Pristimantis zorro Rivera-Correa & Daza, 2020
|Species Description: Rivera-Correa M, and JM Daza. 2020. Out of the blue: A new rain frog species of the genus Pristimantis (Anura: Craugastoridae) from the northern Cordillera Central in Colombia. Zootaxa 4838: 83-101.|
Pristimantis zorro has a light green to green-yellow dorsum and a dark spot that covers the mouth and nostrils that makes the frog appear to have a mask. These characteristics help distinguish it from other species in its genus, however, P. moro and P. schultei also have a mask like a blotch. They can be further differentiated by P. moro having bright orange-red in the area of the upper eyelids and snout, which P. zorro does not have, and P. schultei has tubercles on the upper eyelids and flanks while P. zorro does not (Rivera-Correa and Daza 2020).

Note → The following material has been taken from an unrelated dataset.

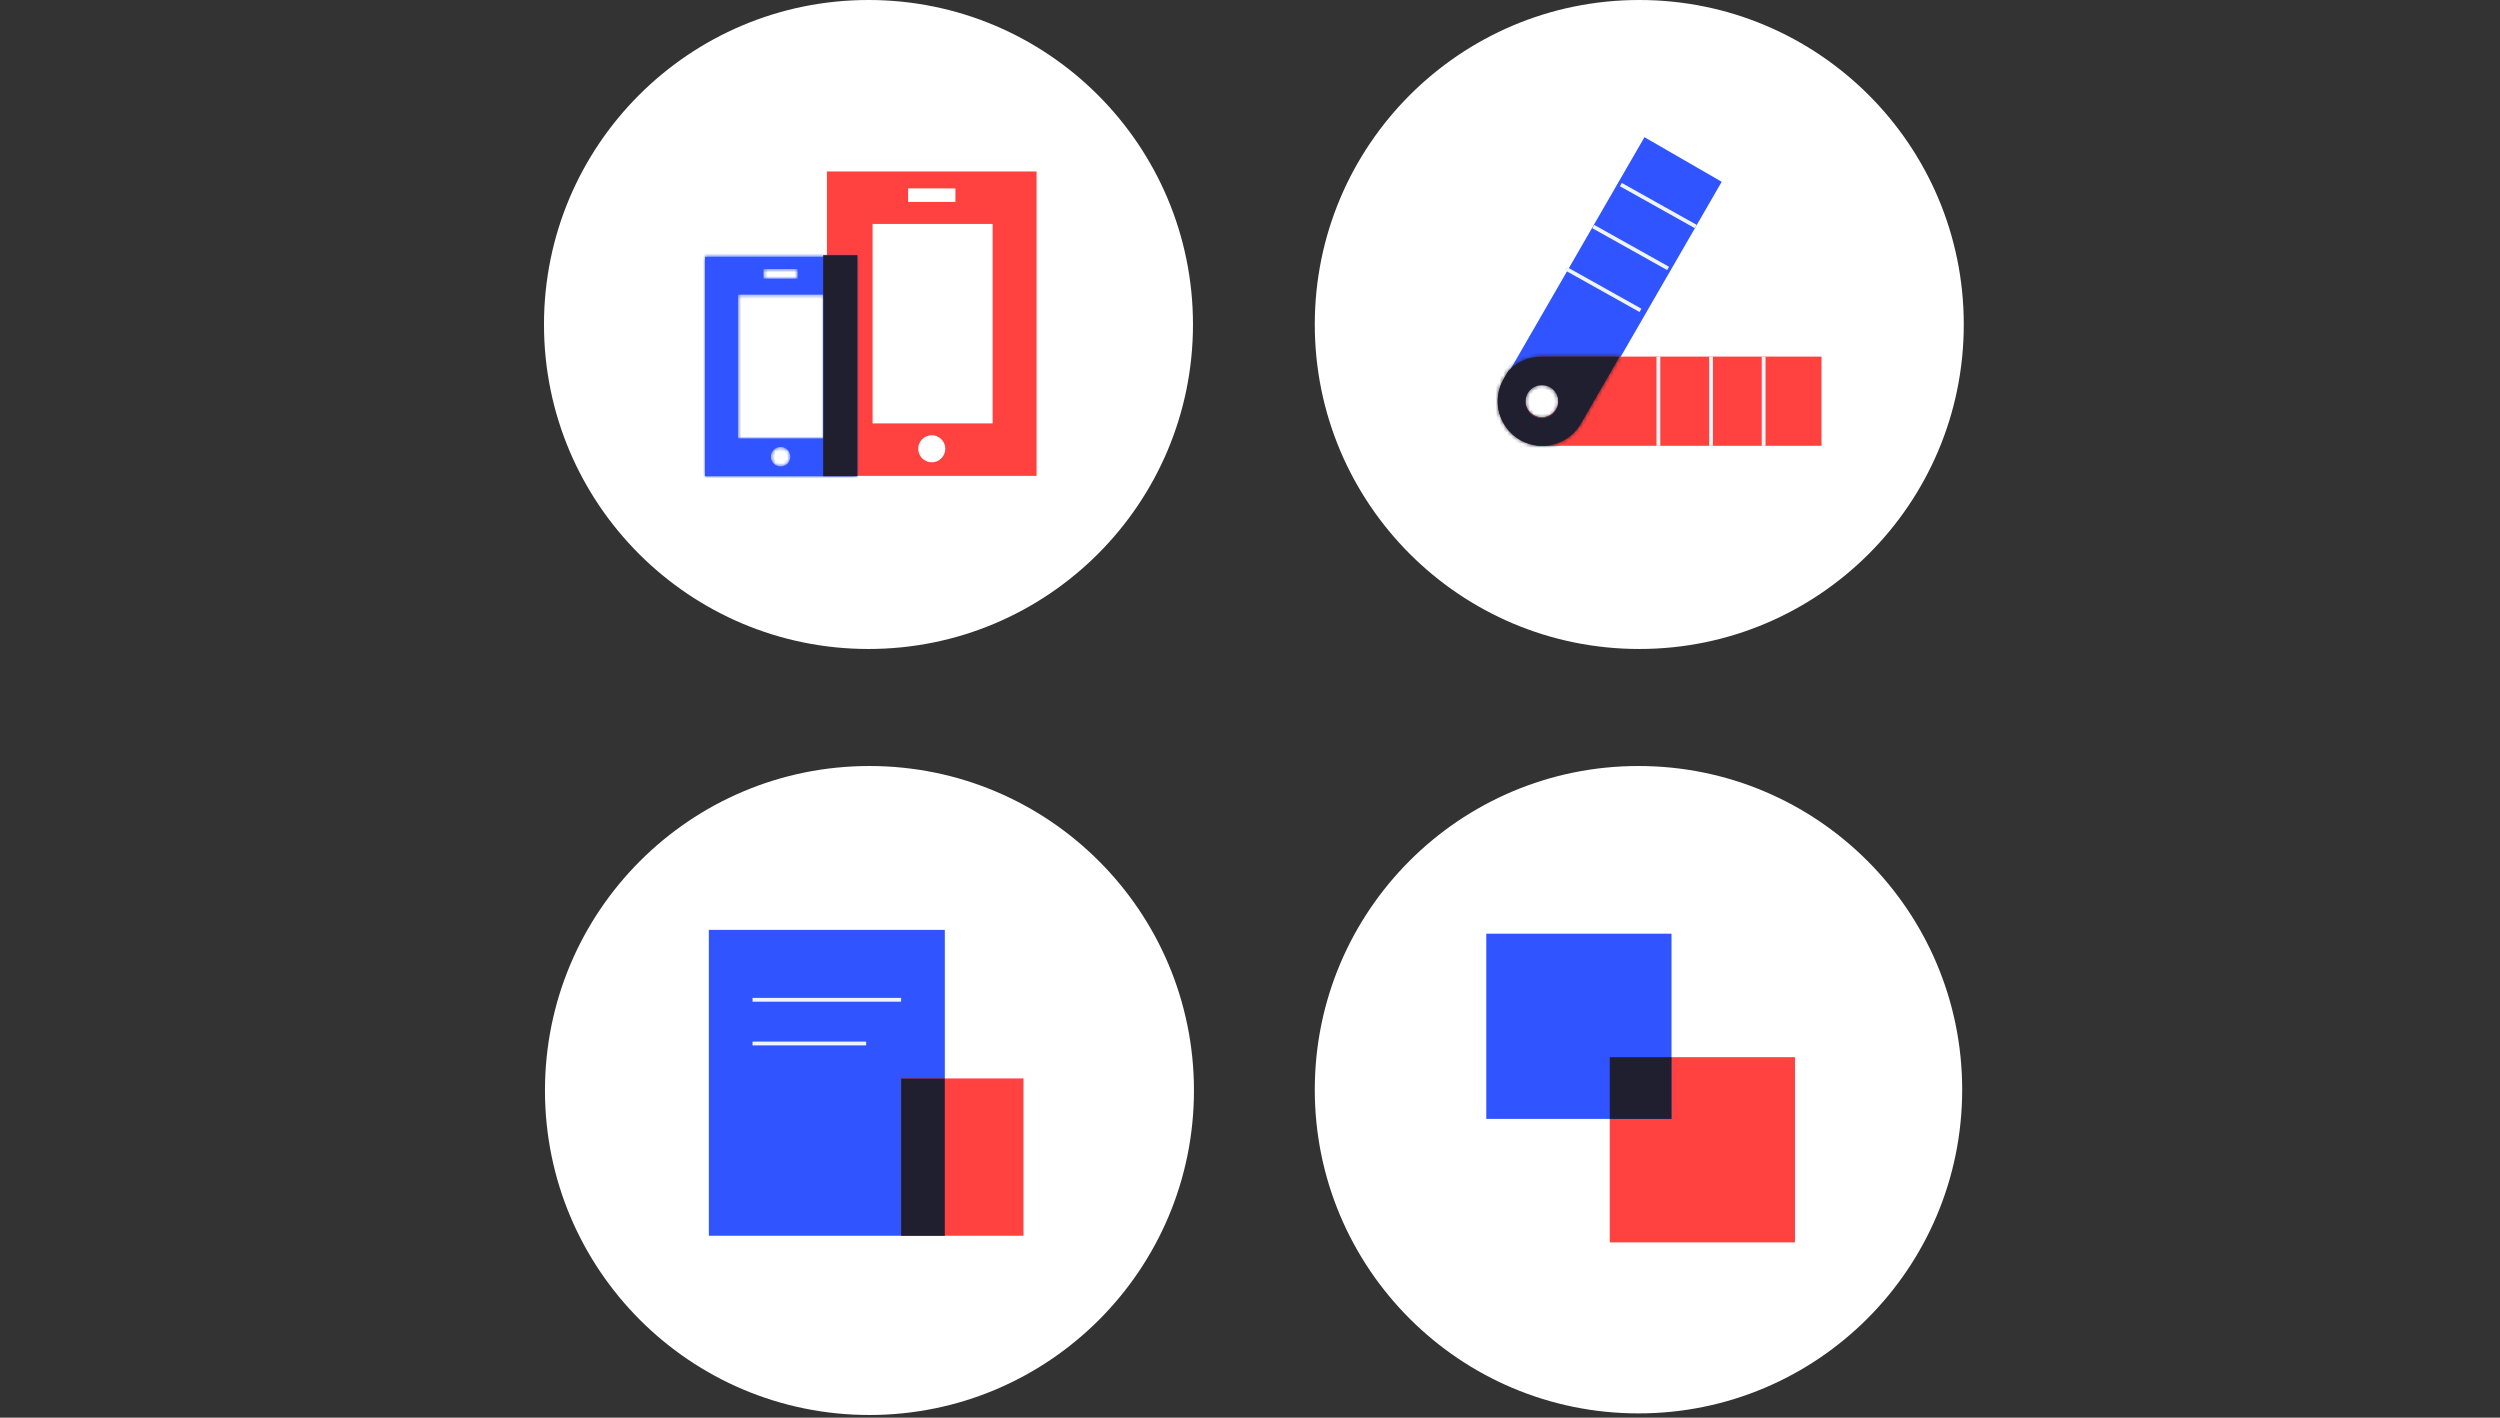 <?xml version="1.0" encoding="UTF-8"?> <svg xmlns="http://www.w3.org/2000/svg" width="656" height="372" viewBox="0 0 656 372" fill="none"><rect x="0" y="0" width="656" height="372" fill="#333333" stroke="none"/> <circle cx="227.89" cy="85.147" r="85.147" fill="white"></circle> <path fill-rule="evenodd" clip-rule="evenodd" d="M216.985 45H272V124.86H216.985V45ZM260.465 58.754H228.964V111.106H260.465V58.754ZM248.042 117.761C248.042 119.722 246.453 121.311 244.492 121.311C242.532 121.311 240.943 119.722 240.943 117.761C240.943 115.801 242.532 114.212 244.492 114.212C246.453 114.212 248.042 115.801 248.042 117.761ZM250.704 49.437H238.281V52.986H250.704V49.437Z" fill="#FF413F"></path> <mask id="path-3-inside-1_423_212" fill="white"> <path fill-rule="evenodd" clip-rule="evenodd" d="M185 67.39H224.662V124.963H185V67.39ZM216.346 77.305H193.636V115.048H216.346V77.305ZM207.39 119.846C207.39 121.259 206.244 122.404 204.831 122.404C203.418 122.404 202.272 121.259 202.272 119.846C202.272 118.432 203.418 117.287 204.831 117.287C206.244 117.287 207.39 118.432 207.39 119.846ZM209.309 70.588H200.353V73.147H209.309V70.588Z"></path> </mask> <path fill-rule="evenodd" clip-rule="evenodd" d="M185 67.39H224.662V124.963H185V67.39ZM216.346 77.305H193.636V115.048H216.346V77.305ZM207.39 119.846C207.39 121.259 206.244 122.404 204.831 122.404C203.418 122.404 202.272 121.259 202.272 119.846C202.272 118.432 203.418 117.287 204.831 117.287C206.244 117.287 207.39 118.432 207.39 119.846ZM209.309 70.588H200.353V73.147H209.309V70.588Z" fill="#3054FF"></path> <path d="M224.662 67.39H225.662V66.39H224.662V67.39ZM185 67.39V66.39H184V67.39H185ZM224.662 124.963V125.963H225.662V124.963H224.662ZM185 124.963H184V125.963H185V124.963ZM193.636 77.305V76.305H192.636V77.305H193.636ZM216.346 77.305H217.346V76.305H216.346V77.305ZM193.636 115.048H192.636V116.048H193.636V115.048ZM216.346 115.048V116.048H217.346V115.048H216.346ZM200.353 70.588V69.588H199.353V70.588H200.353ZM209.309 70.588H210.309V69.588H209.309V70.588ZM200.353 73.147H199.353V74.147H200.353V73.147ZM209.309 73.147V74.147H210.309V73.147H209.309ZM224.662 66.39H185V68.39H224.662V66.39ZM225.662 124.963V67.39H223.662V124.963H225.662ZM185 125.963H224.662V123.963H185V125.963ZM184 67.39V124.963H186V67.39H184ZM193.636 78.305H216.346V76.305H193.636V78.305ZM194.636 115.048V77.305H192.636V115.048H194.636ZM216.346 114.048H193.636V116.048H216.346V114.048ZM215.346 77.305V115.048H217.346V77.305H215.346ZM204.831 123.404C206.796 123.404 208.39 121.811 208.39 119.846H206.39C206.39 120.706 205.692 121.404 204.831 121.404V123.404ZM201.272 119.846C201.272 121.811 202.865 123.404 204.831 123.404V121.404C203.97 121.404 203.272 120.706 203.272 119.846H201.272ZM204.831 116.287C202.865 116.287 201.272 117.88 201.272 119.846H203.272C203.272 118.985 203.97 118.287 204.831 118.287V116.287ZM208.39 119.846C208.39 117.88 206.796 116.287 204.831 116.287V118.287C205.692 118.287 206.39 118.985 206.39 119.846H208.39ZM200.353 71.588H209.309V69.588H200.353V71.588ZM201.353 73.147V70.588H199.353V73.147H201.353ZM209.309 72.147H200.353V74.147H209.309V72.147ZM208.309 70.588V73.147H210.309V70.588H208.309Z" fill="#3054FF" mask="url(#path-3-inside-1_423_212)"></path> <path fill-rule="evenodd" clip-rule="evenodd" d="M225 66.963V124.963H216V66.963H225Z" fill="#1F1F30"></path> <line x1="221.031" y1="287.501" x2="237.031" y2="288.501" stroke="#EEF4FA"></line> <line x1="218.045" y1="295.502" x2="240.045" y2="297.502" stroke="#EEF4FA"></line> <line x1="215.045" y1="304.502" x2="237.045" y2="306.502" stroke="#EEF4FA"></line> <circle cx="429.938" cy="285.938" r="84.938" fill="white"></circle> <rect x="422.399" y="277.4" width="48.6" height="48.6" fill="#FF413F"></rect> <rect x="390" y="245" width="48.6" height="48.6" fill="#3054FF"></rect> <path fill-rule="evenodd" clip-rule="evenodd" d="M438.599 277.4V293.6H422.399V277.4H438.599Z" fill="#1F1F30"></path> <circle cx="430.147" cy="85.147" r="85.147" fill="white"></circle> <path fill-rule="evenodd" clip-rule="evenodd" d="M394.874 99.444C391.642 105.041 393.56 112.199 399.157 115.43C404.754 118.662 411.912 116.744 415.143 111.147L451.773 47.703L431.503 36L394.874 99.444ZM404.585 109.493C406.977 109.493 408.915 107.555 408.915 105.163C408.915 102.772 406.977 100.833 404.585 100.833C402.194 100.833 400.255 102.772 400.255 105.163C400.255 107.555 402.194 109.493 404.585 109.493Z" fill="#3054FF"></path> <path fill-rule="evenodd" clip-rule="evenodd" d="M404.703 93.577C398.239 93.577 393 98.817 393 105.28C393 111.743 398.239 116.983 404.703 116.983H477.962V93.577H404.703ZM404.586 109.493C406.977 109.493 408.916 107.554 408.916 105.163C408.916 102.771 406.977 100.833 404.586 100.833C402.195 100.833 400.256 102.771 400.256 105.163C400.256 107.554 402.195 109.493 404.586 109.493Z" fill="#FF413F"></path> <line x1="425.311" y1="48.436" x2="444.971" y2="59.437" stroke="#EEF4FA"></line> <line x1="462.78" y1="93.577" x2="462.78" y2="116.987" stroke="#EEF4FA"></line> <line x1="448.971" y1="93.577" x2="448.971" y2="116.987" stroke="#EEF4FA"></line> <line x1="435.162" y1="93.577" x2="435.162" y2="116.987" stroke="#EEF4FA"></line> <line x1="418.055" y1="59.437" x2="437.715" y2="70.438" stroke="#EEF4FA"></line> <line x1="410.799" y1="70.438" x2="430.459" y2="81.438" stroke="#EEF4FA"></line> <mask id="path-22-inside-2_423_212" fill="white"> <path fill-rule="evenodd" clip-rule="evenodd" d="M398.853 115.43C393.256 112.199 391.338 105.041 394.57 99.444L395.753 97.394C397.893 95.049 400.975 93.577 404.4 93.577H424.983L414.839 111.147C412.786 114.703 409.148 116.774 405.333 116.983H404.4C404.22 116.983 404.041 116.978 403.863 116.97C402.151 116.848 400.439 116.346 398.853 115.43ZM404.586 109.727C406.977 109.727 408.916 107.788 408.916 105.397C408.916 103.005 406.977 101.067 404.586 101.067C402.194 101.067 400.256 103.005 400.256 105.397C400.256 107.788 402.194 109.727 404.586 109.727Z"></path> </mask> <path fill-rule="evenodd" clip-rule="evenodd" d="M398.853 115.43C393.256 112.199 391.338 105.041 394.57 99.444L395.753 97.394C397.893 95.049 400.975 93.577 404.4 93.577H424.983L414.839 111.147C412.786 114.703 409.148 116.774 405.333 116.983H404.4C404.22 116.983 404.041 116.978 403.863 116.97C402.151 116.848 400.439 116.346 398.853 115.43ZM404.586 109.727C406.977 109.727 408.916 107.788 408.916 105.397C408.916 103.005 406.977 101.067 404.586 101.067C402.194 101.067 400.256 103.005 400.256 105.397C400.256 107.788 402.194 109.727 404.586 109.727Z" fill="#1F1F30"></path> <path d="M394.57 99.444L393.704 98.944L393.704 98.944L394.57 99.444ZM398.853 115.43L398.353 116.296L398.353 116.296L398.853 115.43ZM395.753 97.394L395.014 96.721L394.941 96.801L394.887 96.894L395.753 97.394ZM424.983 93.577L425.849 94.077L426.715 92.577H424.983V93.577ZM414.839 111.147L413.973 110.647L413.973 110.647L414.839 111.147ZM405.333 116.983V117.983H405.36L405.387 117.981L405.333 116.983ZM403.863 116.97L403.791 117.968L403.804 117.969L403.817 117.969L403.863 116.97ZM393.704 98.944C390.196 105.02 392.278 112.788 398.353 116.296L399.353 114.564C394.234 111.609 392.48 105.063 395.436 99.944L393.704 98.944ZM394.887 96.894L393.704 98.944L395.436 99.944L396.619 97.894L394.887 96.894ZM404.4 92.577C400.682 92.577 397.336 94.176 395.014 96.721L396.492 98.069C398.45 95.922 401.268 94.577 404.4 94.577V92.577ZM424.983 92.577H404.4V94.577H424.983V92.577ZM415.706 111.647L425.849 94.077L424.117 93.077L413.973 110.647L415.706 111.647ZM405.387 117.981C409.526 117.755 413.476 115.508 415.706 111.647L413.973 110.647C412.096 113.898 408.771 115.793 405.278 115.984L405.387 117.981ZM404.4 117.983H405.333V115.983H404.4V117.983ZM403.817 117.969C404.011 117.978 404.205 117.983 404.4 117.983V115.983C404.235 115.983 404.071 115.979 403.908 115.971L403.817 117.969ZM398.353 116.296C400.073 117.289 401.932 117.835 403.791 117.968L403.934 115.973C402.37 115.861 400.805 115.403 399.353 114.564L398.353 116.296ZM407.916 105.397C407.916 107.236 406.425 108.727 404.586 108.727V110.727C407.529 110.727 409.916 108.34 409.916 105.397H407.916ZM404.586 102.067C406.425 102.067 407.916 103.558 407.916 105.397H409.916C409.916 102.453 407.529 100.067 404.586 100.067V102.067ZM401.256 105.397C401.256 103.558 402.747 102.067 404.586 102.067V100.067C401.642 100.067 399.256 102.453 399.256 105.397H401.256ZM404.586 108.727C402.747 108.727 401.256 107.236 401.256 105.397H399.256C399.256 108.34 401.642 110.727 404.586 110.727V108.727Z" fill="#1F1F30" mask="url(#path-22-inside-2_423_212)"></path> <circle cx="228.147" cy="286.147" r="85.147" fill="white"></circle> <path d="M247.918 244H186V324.263H247.918V244Z" fill="#3054FF"></path> <path d="M268.557 282.985H236.451V324.263H268.557V282.985Z" fill="#FF413F"></path> <path fill-rule="evenodd" clip-rule="evenodd" d="M247.917 282.985V324.263H236.451V282.985H247.917Z" fill="#1F1F30"></path> <path d="M197.466 262.346H236.451" stroke="#EEF4FA"></path> <path d="M197.466 273.812H227.278" stroke="#EEF4FA"></path> </svg>

In life, P. zorro can range from light green to green-yellow. It has an unique and clearly visible, brown canthal stripe that extends to the nostril area forming a face mask. The copper-colored irises have brown reticulation. There is also an interorbital bar and supratympanic stripe that extends along the flanks posteriorly until the middle of the body. Both the flanks and limbs have scattered brown spots with a particularly strong concentration at the wrists. The venter is immaculate with the body being white while the throat, axillae, limbs, and palms and planters being light yellow. In preservative, the whole body becomes cream colored and the stripes and spots darken to almost black (Rivera-Correa and Daza 2020).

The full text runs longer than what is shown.